CUDA Toolkit installation package cuda_8.0.61_375.26_linux.run

https://developer.nvidia.com/compute/cuda/8.0/Prod2/local_installers/cuda_8.0.61_375.26_linux-run

CentOS 7.4

GPU driver installation package NVIDIA-Linux-x86_64-375.66.run

http://www.nvidia.com/download/driverResults.aspx/118955/en-us

CUDA Toolkit installation package cuda_8.0.61_375.26_linux.run

https://developer.nvidia.com/compute/cuda/8.0/Prod2/local_installers/cuda_8.0.61_375.26_linux-run

Debian 9.0

GPU driver installation package NVIDIA-Linux-x86_64-384.81.run

http://www.nvidia.com/download/driverResults.aspx/124722/en-us

CUDA Toolkit installation package cuda_9.0.176_384.81_linux.run

https://developer.nvidia.com/compute/cuda/9.0/Prod/local_installers/cuda_9.0.176_384.81_linux-run

Ubuntu 16.04 64bit

  1. Log in to the target ECS and run the following command to switch to user root:

    sudo su

  2. (Optional) Install GCC and g++.

    Perform this step only if GCC and g++ have not been installed.

    apt-get install gcc

    apt-get install g++

    apt-get install make

  3. (Optional) Disable the Nouveau driver.

    Perform this step if the Nouveau driver has been installed on the target ECS. This prevents conflict with the NVIDIA driver installation.

    1. Run the following command to check whether the Nouveau driver is running on the target ECS:

      lsmod | grep nouveau

      • If yes, go to 3.b.
      • If no, go to 4.
    2. Add the following statements to the end of the /etc/modprobe.d/blacklist-nouveau.conf file (if the file is unavailable, create one):

      blacklist nouveau

      options nouveau modeset=0

    3. Run the following command to obtain initramfs again:

      update-initramfs -u

    4. Run the following command to restart the ECS:

      reboot

  4. (Optional) Disable the X service.

    If the ECS has been logged in using the GUI, disable the X service before installing the NVIDIA driver.

    1. Run the following command to switch to multi-user mode:

      systemctl set-default multi-user.target

    2. Run the following command to restart the ECS:

      reboot

  5. (Optional) Install the GPU driver.

    You can either use the GPU driver provided in the CUDA Toolkit installation package or download the required GPU driver.

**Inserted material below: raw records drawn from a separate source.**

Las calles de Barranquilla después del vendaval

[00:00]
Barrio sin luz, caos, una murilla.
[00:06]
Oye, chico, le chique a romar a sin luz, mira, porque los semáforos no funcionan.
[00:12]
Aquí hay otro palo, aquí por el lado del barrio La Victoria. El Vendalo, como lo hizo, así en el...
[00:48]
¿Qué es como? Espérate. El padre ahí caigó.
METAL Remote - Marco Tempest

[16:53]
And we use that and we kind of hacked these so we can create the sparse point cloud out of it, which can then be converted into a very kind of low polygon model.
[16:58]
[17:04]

Unless otherwise specified, you are advised to install GPU driver NVIDIA-Linux-x86_64-375.66.run provided in Prerequisites, which has been fully verified.

    The following section describes general operations for downloading and installing the GPU driver.
    1. Upload the GPU driver installation package NVIDIA-Linux-x86_64-xxx.yy.run to the /tmp directory on the ECS.

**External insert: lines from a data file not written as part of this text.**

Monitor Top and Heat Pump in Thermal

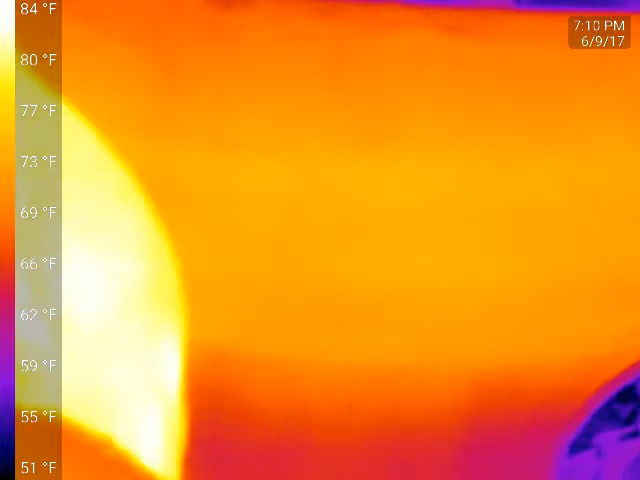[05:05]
On screen: scale top 84°F, scale bottom 51°F
can just barely tell feel any heat there uh compressor top is still cold
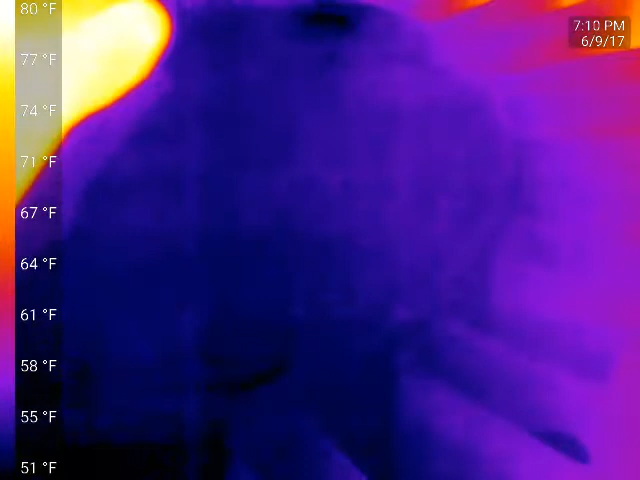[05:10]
On screen: scale top 80°F, scale bottom 51°F
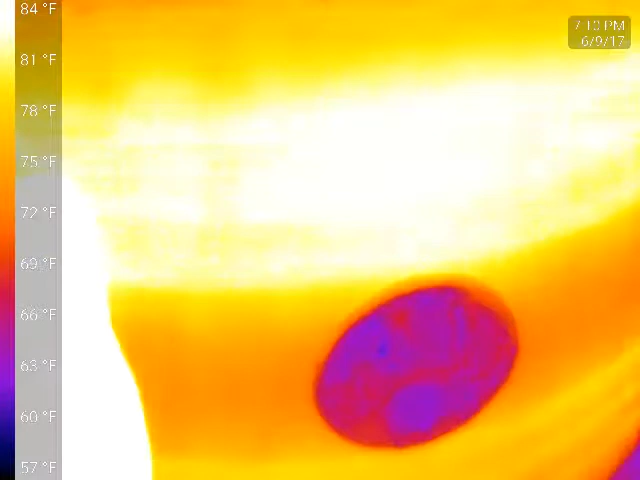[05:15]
On screen: scale top 84°F, scale bottom 57°F
huh cool uh this thing is still low on charge um but you can see the
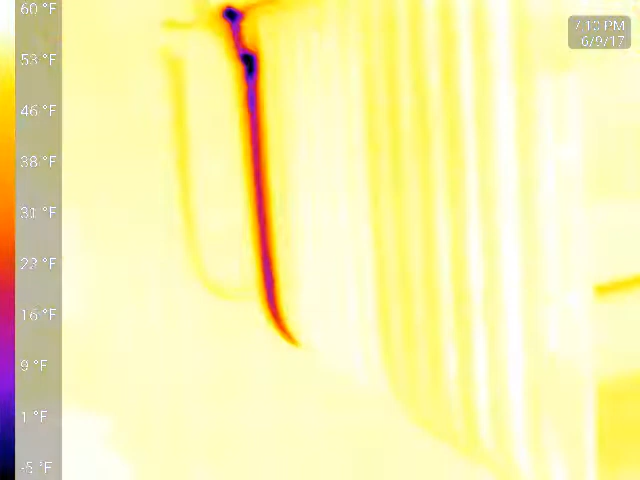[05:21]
On screen: scale top 60°F, scale bottom -5°F
refrigerant line in the back of the evaporator
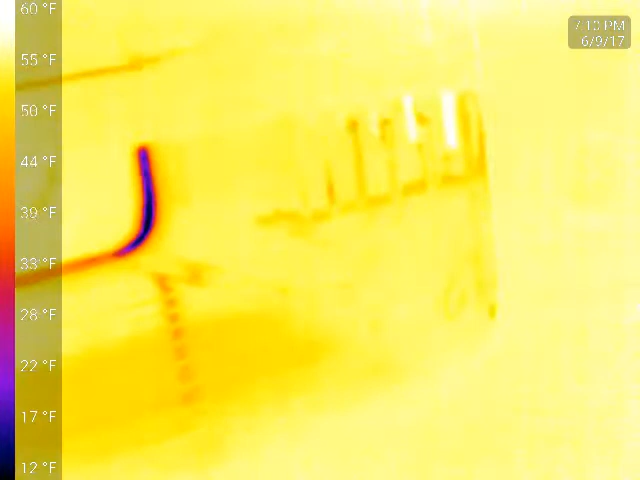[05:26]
On screen: scale top 60°F, scale bottom 12°F
um just the right wall will get cold uh i think maybe the ice tray the center tray there
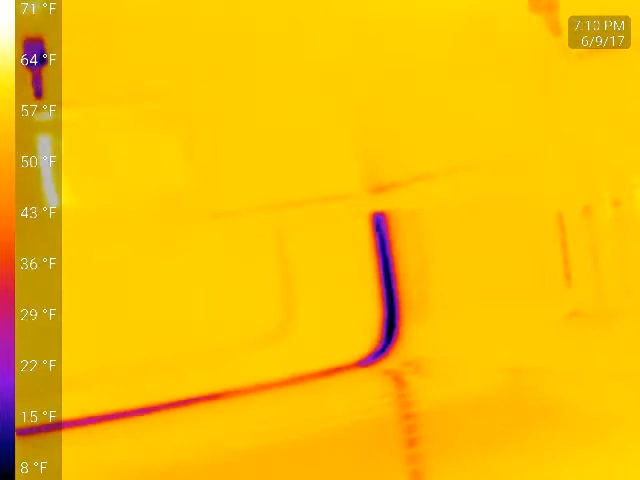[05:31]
On screen: scale top 71°F, scale bottom 8°F
might chill a little bit but got propane in it original charge of salt dioxide the
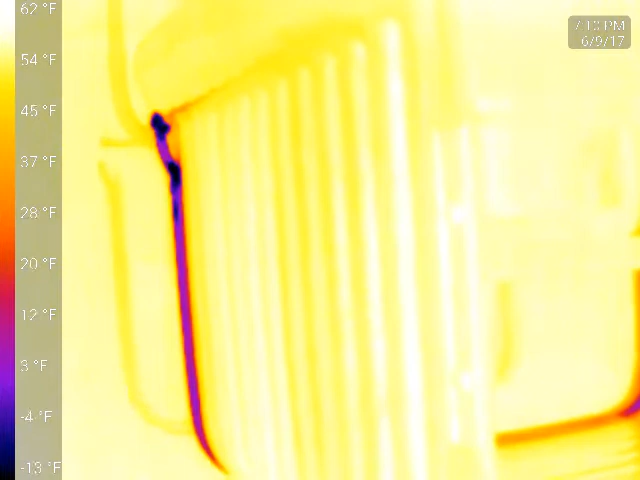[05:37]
On screen: scale top 62°F, scale bottom -13°F
uh somebody moved it and broke the lines snapped the uh the 316th line coming out of the high side float
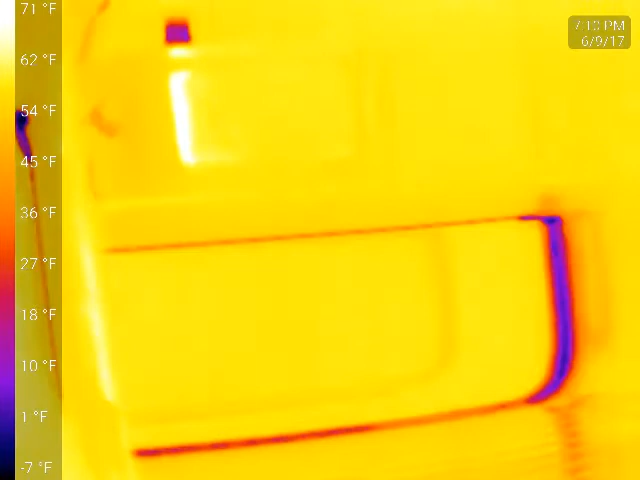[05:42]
On screen: scale top 71°F, scale bottom -7°F
see right there in the high side float actually right about where it gets cold is where i had to cut it um because even though i repaired the line down there the 316 line that that bend um the uh the orifice was plugged so i had to clean it out with a little pile
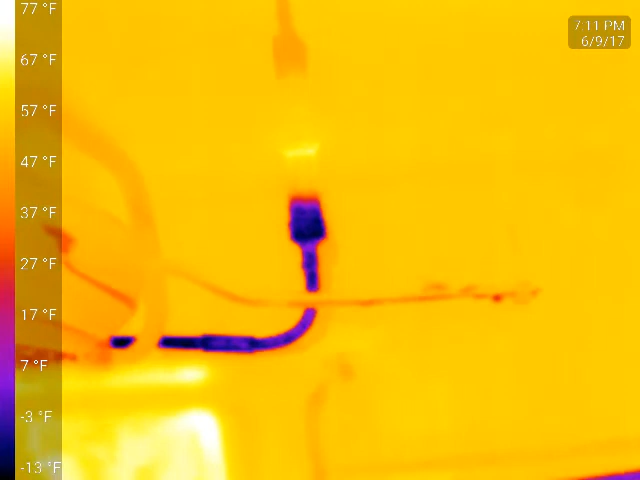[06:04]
On screen: scale top 77°F, scale bottom -13°F
but uh yeah right there where it starts to chill that's where
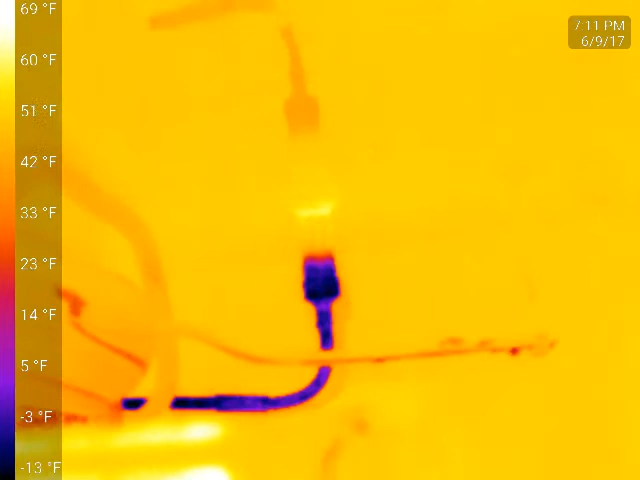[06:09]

      To download the GPU driver, log in at http://www.nvidia.com/Download/index.aspx?lang=en.

      Figure 1 Downloading the GPU driver
    2. Run the following command to install the GPU driver:

      sh ./NVIDIA-Linux-x86_64-xxx.yy.run

    3. Run the following command to delete the installation package:

      rm -f NVIDIA-Linux-x86_64-xxx.yy.run

  6. Install the CUDA Toolkit.

    Unless otherwise specified, you are advised to install CUDA Toolkit cuda_8.0.61_375.26_linux.run provided in Prerequisites, which has been fully verified.

    The following section describes general operations for downloading and installing the CUDA Toolkit.
    1. Upload the CUDA Toolkit installation package cuda_a.b.cc_xxx.yy_linux.run to the /tmp directory on the ECS.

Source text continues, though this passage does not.